= Beginning of Section =

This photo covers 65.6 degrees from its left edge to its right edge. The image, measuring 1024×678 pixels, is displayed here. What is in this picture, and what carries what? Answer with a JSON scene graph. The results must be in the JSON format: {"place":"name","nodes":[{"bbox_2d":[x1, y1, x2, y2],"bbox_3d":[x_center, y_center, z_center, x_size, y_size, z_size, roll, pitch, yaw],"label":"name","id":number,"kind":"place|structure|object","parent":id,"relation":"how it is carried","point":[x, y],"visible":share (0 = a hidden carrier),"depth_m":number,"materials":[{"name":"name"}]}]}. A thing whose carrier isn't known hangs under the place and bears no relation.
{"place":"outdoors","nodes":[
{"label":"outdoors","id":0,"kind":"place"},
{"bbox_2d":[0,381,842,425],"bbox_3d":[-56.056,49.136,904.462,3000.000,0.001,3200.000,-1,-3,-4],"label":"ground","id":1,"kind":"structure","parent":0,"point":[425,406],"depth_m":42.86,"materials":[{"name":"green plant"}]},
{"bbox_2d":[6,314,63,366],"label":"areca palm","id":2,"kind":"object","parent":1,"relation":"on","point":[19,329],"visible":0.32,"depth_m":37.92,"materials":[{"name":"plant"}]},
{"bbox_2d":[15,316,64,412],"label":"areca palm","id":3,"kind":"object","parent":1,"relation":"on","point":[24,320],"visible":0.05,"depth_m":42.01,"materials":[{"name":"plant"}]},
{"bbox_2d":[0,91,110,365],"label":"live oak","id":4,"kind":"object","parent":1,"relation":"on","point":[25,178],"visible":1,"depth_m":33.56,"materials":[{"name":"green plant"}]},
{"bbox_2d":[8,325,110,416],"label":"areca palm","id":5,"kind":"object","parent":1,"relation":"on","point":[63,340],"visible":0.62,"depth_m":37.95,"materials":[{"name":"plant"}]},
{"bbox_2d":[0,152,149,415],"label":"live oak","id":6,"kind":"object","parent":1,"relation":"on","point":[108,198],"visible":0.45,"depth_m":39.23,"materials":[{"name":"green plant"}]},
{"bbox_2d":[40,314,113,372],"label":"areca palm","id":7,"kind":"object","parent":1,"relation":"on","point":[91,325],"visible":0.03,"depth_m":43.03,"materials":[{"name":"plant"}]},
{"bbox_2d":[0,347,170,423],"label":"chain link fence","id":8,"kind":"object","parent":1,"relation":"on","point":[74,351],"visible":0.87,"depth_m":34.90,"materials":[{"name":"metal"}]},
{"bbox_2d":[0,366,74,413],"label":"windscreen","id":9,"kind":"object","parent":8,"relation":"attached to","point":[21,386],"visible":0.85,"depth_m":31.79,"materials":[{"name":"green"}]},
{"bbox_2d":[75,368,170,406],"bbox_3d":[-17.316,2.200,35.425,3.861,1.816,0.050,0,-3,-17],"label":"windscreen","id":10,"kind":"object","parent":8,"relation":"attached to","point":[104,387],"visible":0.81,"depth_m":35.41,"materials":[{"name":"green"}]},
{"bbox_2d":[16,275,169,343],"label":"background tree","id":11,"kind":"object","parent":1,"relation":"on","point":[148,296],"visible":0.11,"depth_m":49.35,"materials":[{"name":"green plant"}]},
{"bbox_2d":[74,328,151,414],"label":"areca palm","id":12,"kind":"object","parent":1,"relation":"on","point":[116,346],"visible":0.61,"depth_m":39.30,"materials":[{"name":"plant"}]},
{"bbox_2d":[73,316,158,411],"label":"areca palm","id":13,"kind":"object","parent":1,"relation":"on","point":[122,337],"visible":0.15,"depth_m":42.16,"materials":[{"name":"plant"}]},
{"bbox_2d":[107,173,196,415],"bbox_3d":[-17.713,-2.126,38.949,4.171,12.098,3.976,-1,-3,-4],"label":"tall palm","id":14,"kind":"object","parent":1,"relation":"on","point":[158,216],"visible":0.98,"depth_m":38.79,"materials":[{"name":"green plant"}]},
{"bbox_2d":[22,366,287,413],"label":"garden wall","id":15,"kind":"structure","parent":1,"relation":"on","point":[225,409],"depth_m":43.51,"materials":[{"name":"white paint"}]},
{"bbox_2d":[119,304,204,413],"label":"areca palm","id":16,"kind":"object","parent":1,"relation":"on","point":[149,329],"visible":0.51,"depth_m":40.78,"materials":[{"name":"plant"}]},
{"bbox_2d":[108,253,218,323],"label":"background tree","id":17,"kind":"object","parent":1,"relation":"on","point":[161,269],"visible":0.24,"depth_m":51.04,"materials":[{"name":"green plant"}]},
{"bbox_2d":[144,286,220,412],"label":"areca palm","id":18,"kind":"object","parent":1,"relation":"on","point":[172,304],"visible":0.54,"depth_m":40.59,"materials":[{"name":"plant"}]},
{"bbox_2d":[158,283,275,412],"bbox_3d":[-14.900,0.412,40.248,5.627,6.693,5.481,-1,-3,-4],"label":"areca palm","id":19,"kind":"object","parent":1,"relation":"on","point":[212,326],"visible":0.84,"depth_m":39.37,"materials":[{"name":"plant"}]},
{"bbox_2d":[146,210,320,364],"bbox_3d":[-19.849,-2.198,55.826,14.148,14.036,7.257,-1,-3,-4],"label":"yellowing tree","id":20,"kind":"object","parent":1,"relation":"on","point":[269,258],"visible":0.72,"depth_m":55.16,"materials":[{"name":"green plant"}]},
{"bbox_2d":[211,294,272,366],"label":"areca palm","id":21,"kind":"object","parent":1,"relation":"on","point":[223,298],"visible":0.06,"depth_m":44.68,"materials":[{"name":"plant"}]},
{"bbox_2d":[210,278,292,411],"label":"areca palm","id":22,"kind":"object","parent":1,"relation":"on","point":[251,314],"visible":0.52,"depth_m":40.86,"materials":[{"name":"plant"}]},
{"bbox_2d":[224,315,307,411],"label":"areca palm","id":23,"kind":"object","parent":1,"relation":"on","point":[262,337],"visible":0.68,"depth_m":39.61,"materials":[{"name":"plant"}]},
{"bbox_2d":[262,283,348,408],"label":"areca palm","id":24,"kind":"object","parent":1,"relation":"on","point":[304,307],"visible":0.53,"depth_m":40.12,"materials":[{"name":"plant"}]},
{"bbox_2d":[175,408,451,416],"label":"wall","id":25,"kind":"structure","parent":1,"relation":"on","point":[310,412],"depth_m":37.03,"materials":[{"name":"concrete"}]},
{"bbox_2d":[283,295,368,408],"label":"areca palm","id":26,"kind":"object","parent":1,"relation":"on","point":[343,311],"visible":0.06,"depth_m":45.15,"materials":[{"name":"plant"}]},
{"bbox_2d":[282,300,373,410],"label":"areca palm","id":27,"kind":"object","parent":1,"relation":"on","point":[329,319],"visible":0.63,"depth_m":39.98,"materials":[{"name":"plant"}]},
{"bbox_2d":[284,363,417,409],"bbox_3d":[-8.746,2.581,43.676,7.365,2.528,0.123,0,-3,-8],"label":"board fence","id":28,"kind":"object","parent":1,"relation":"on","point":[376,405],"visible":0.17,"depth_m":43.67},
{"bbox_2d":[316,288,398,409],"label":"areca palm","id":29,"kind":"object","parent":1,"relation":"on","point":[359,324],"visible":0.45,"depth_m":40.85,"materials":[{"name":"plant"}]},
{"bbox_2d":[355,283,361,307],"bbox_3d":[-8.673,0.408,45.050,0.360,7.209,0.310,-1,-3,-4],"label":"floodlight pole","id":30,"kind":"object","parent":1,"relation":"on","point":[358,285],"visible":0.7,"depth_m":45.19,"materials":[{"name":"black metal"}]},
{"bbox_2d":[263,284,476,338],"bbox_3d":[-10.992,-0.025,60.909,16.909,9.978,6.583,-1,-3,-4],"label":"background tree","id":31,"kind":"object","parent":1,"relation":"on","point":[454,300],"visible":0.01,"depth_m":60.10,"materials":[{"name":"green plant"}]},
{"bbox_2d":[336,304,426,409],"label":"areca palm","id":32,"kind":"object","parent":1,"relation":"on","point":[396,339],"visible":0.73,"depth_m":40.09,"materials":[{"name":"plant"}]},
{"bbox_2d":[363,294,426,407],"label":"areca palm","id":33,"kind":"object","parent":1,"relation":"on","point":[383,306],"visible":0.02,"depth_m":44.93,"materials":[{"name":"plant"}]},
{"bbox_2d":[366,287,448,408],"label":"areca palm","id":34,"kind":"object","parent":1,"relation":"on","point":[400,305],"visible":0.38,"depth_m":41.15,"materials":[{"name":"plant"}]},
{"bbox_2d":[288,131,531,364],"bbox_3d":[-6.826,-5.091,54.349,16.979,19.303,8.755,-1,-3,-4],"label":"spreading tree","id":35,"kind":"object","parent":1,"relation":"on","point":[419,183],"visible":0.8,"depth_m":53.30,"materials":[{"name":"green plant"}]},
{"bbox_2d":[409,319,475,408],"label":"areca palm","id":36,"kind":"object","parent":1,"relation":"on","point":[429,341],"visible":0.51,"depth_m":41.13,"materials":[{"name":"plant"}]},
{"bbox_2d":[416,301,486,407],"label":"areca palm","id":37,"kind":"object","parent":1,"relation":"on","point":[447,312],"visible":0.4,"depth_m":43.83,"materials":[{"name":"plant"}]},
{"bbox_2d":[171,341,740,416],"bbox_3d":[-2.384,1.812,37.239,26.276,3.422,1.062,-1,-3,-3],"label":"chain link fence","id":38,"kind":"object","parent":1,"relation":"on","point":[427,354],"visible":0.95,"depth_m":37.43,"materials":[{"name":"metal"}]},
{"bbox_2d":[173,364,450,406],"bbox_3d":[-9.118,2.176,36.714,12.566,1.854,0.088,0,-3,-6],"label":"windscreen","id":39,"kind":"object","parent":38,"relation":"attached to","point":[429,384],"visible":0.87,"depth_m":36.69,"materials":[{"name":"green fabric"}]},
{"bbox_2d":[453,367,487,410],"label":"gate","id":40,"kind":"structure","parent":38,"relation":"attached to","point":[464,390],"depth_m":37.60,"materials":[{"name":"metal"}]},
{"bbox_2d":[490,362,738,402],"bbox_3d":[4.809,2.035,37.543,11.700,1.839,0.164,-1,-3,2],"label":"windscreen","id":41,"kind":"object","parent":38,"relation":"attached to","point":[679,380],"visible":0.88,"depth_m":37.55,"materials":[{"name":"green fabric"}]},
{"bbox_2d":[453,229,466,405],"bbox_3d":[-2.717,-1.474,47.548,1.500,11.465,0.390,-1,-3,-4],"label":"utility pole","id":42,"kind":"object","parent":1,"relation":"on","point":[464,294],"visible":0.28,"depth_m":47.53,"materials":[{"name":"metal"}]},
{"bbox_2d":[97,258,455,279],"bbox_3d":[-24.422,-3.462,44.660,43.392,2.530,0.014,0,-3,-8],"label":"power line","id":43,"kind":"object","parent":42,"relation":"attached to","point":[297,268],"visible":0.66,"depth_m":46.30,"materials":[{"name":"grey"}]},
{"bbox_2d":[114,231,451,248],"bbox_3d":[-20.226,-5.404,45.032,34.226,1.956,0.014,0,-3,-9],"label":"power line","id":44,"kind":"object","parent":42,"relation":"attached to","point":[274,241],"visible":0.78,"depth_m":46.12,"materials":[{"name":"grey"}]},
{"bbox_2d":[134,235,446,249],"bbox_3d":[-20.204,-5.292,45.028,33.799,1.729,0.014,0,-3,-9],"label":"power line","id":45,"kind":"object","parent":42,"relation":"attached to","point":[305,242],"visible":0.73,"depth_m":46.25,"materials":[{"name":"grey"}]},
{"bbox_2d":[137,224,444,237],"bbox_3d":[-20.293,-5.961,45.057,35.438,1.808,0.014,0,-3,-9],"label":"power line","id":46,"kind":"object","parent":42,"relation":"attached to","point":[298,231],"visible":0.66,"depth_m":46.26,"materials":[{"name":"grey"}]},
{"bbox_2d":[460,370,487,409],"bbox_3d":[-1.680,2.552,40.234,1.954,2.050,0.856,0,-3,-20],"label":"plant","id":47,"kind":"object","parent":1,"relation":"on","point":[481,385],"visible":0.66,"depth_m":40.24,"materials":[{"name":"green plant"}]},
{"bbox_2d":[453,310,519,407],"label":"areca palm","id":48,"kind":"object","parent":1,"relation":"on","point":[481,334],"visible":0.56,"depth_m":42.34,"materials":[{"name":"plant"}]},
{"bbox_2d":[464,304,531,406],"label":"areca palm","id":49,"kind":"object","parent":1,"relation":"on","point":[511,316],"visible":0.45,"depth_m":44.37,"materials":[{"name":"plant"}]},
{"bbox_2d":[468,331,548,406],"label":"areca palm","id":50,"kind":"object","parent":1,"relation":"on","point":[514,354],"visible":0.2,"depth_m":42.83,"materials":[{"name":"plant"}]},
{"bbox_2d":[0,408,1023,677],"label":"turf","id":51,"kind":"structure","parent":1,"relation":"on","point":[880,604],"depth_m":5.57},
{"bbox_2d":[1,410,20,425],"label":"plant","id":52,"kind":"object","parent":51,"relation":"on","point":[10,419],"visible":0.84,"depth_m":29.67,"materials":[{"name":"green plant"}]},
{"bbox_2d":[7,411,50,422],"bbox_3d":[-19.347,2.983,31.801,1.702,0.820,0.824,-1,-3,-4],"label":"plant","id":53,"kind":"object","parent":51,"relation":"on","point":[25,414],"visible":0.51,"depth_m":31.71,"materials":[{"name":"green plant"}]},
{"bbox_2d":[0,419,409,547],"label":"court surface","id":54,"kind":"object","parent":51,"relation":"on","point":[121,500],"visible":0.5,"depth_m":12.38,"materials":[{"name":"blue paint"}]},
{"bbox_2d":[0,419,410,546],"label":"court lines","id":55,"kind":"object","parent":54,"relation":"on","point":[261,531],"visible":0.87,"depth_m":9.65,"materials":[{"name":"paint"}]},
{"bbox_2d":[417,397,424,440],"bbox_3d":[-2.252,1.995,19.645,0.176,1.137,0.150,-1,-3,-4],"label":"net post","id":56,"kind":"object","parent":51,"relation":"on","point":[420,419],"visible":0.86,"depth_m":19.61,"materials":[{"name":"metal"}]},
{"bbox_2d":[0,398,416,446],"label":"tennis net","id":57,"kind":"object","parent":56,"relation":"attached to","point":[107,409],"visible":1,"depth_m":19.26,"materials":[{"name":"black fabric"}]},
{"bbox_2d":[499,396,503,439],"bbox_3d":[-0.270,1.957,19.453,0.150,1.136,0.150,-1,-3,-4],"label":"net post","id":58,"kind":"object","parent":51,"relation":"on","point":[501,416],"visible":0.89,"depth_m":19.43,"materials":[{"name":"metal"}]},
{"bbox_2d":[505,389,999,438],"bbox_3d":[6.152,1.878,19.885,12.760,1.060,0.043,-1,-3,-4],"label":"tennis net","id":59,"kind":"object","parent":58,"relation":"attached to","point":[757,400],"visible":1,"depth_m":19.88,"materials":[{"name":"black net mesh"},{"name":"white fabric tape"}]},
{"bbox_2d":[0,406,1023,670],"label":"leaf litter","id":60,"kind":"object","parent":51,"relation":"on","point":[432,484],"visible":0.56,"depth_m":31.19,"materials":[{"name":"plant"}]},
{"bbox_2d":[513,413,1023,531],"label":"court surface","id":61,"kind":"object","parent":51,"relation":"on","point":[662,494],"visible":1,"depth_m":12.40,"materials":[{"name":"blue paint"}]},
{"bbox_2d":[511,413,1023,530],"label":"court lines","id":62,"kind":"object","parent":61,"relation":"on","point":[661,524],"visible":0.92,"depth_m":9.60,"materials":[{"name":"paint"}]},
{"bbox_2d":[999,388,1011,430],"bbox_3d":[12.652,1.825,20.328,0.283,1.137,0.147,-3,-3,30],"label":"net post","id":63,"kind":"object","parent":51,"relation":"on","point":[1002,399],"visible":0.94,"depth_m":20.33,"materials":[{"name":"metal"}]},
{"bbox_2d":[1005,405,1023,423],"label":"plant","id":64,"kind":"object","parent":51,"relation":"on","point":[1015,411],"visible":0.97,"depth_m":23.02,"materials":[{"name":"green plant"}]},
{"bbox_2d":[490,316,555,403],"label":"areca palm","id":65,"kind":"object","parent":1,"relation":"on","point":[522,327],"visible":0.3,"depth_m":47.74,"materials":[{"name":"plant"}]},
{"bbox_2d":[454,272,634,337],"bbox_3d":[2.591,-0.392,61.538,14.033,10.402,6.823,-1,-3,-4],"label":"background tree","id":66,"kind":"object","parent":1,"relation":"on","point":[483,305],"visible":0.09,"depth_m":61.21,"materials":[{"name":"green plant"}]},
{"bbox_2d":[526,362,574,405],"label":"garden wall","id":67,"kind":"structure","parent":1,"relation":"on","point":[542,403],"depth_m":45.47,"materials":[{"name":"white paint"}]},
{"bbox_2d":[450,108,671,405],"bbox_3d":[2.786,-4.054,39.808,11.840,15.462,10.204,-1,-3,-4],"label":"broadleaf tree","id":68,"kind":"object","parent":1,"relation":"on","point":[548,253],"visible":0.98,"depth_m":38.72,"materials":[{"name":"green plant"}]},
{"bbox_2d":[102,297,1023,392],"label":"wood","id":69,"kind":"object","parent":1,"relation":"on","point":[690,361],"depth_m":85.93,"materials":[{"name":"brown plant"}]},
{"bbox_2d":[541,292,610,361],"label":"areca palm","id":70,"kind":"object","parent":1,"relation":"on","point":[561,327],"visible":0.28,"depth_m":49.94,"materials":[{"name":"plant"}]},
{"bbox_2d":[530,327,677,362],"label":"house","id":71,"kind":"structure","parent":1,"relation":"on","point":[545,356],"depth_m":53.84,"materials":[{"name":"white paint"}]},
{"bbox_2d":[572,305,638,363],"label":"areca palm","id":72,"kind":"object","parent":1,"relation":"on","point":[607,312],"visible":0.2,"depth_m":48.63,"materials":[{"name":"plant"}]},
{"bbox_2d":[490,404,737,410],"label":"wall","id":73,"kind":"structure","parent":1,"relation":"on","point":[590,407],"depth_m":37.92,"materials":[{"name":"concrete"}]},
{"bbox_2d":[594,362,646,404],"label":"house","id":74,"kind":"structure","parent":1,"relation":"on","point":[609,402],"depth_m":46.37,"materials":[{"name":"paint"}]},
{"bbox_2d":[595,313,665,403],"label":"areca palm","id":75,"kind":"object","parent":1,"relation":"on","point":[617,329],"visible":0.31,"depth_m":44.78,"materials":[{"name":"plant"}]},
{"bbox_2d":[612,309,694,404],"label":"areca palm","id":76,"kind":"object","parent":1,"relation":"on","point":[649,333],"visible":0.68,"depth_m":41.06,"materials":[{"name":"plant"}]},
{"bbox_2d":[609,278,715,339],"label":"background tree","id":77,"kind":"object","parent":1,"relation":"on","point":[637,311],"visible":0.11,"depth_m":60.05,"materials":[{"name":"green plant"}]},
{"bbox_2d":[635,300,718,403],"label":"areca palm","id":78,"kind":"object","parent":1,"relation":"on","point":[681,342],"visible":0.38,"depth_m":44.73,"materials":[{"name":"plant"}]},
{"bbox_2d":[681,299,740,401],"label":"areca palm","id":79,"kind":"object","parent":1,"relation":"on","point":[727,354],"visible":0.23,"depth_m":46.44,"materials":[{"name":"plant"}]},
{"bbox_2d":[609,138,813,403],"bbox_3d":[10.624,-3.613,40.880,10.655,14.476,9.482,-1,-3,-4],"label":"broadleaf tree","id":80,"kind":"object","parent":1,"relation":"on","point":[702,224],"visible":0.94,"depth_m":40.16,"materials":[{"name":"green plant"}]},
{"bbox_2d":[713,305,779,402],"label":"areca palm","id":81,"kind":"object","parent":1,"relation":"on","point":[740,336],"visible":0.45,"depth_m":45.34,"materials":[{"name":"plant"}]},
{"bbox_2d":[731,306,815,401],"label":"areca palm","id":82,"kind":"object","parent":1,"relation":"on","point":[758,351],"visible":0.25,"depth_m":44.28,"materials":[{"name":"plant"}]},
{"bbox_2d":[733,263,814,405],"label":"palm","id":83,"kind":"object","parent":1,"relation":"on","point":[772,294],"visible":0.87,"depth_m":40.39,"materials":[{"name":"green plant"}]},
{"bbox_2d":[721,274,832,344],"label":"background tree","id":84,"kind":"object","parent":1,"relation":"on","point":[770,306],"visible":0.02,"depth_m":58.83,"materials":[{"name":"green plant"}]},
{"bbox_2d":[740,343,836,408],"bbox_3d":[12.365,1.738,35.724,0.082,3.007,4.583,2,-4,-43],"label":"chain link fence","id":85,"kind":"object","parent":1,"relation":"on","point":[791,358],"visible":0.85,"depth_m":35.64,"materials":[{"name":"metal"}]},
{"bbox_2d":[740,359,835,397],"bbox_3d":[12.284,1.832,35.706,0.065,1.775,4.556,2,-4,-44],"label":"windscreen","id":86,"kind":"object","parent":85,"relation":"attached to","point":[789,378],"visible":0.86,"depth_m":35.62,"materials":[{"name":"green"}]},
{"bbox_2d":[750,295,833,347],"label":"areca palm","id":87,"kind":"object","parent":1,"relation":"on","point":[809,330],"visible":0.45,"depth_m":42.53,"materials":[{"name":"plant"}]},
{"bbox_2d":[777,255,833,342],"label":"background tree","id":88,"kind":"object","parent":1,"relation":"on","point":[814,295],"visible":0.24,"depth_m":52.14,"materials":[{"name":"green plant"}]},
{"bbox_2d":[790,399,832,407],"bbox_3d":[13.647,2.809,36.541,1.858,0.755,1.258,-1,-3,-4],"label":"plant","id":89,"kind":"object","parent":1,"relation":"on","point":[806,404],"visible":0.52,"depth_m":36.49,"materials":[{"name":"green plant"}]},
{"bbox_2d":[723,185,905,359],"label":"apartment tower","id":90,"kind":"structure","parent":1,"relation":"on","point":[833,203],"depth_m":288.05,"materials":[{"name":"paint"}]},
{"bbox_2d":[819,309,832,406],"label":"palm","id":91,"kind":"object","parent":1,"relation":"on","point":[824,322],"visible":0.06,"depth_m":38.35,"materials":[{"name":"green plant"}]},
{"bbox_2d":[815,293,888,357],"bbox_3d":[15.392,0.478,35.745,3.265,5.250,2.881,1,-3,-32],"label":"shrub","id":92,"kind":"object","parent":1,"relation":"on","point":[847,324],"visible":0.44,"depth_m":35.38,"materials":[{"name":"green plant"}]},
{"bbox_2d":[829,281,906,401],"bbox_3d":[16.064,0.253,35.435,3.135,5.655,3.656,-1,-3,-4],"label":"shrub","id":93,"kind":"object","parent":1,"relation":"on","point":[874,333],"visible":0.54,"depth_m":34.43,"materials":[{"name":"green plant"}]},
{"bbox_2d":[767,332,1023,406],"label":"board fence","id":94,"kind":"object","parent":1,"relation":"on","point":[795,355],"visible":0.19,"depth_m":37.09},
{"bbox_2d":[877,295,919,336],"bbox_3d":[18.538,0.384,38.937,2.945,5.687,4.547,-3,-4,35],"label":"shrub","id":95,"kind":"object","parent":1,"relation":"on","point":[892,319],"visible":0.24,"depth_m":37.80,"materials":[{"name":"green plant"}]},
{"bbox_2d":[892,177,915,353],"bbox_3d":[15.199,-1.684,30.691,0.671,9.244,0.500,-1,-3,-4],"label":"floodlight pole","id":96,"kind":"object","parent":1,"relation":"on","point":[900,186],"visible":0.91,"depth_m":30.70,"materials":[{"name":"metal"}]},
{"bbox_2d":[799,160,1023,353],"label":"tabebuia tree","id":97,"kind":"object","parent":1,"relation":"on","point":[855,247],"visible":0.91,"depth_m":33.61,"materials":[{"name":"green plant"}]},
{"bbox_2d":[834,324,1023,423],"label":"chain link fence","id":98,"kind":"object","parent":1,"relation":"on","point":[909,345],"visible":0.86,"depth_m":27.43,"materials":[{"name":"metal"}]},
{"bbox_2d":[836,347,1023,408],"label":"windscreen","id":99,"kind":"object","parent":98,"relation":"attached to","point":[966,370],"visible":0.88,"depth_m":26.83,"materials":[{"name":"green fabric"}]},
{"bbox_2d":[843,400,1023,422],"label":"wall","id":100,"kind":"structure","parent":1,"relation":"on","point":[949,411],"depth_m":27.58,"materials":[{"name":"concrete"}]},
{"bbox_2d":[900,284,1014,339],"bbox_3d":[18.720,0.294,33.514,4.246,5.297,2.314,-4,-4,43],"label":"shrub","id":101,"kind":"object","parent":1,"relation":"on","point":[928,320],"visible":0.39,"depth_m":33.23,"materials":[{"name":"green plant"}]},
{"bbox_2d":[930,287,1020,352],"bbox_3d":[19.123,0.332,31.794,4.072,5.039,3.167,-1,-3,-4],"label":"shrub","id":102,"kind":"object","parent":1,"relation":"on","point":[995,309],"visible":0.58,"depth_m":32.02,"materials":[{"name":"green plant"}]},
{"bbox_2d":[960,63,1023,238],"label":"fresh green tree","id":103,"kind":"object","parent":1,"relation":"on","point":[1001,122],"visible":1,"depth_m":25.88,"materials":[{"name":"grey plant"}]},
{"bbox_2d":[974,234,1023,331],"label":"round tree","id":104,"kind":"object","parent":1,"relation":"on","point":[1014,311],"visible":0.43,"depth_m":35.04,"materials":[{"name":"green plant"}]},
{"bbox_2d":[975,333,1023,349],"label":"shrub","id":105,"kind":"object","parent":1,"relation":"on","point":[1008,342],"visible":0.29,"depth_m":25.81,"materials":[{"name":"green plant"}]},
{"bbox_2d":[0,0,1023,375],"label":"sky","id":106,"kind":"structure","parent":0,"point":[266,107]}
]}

= End of Section =

**Prompt**. Go through the listing above and find each line containing the string "outdoors"; copy those lines.

**Answer to this task**.
{"place":"outdoors","nodes":[
{"label":"outdoors","id":0,"kind":"place"},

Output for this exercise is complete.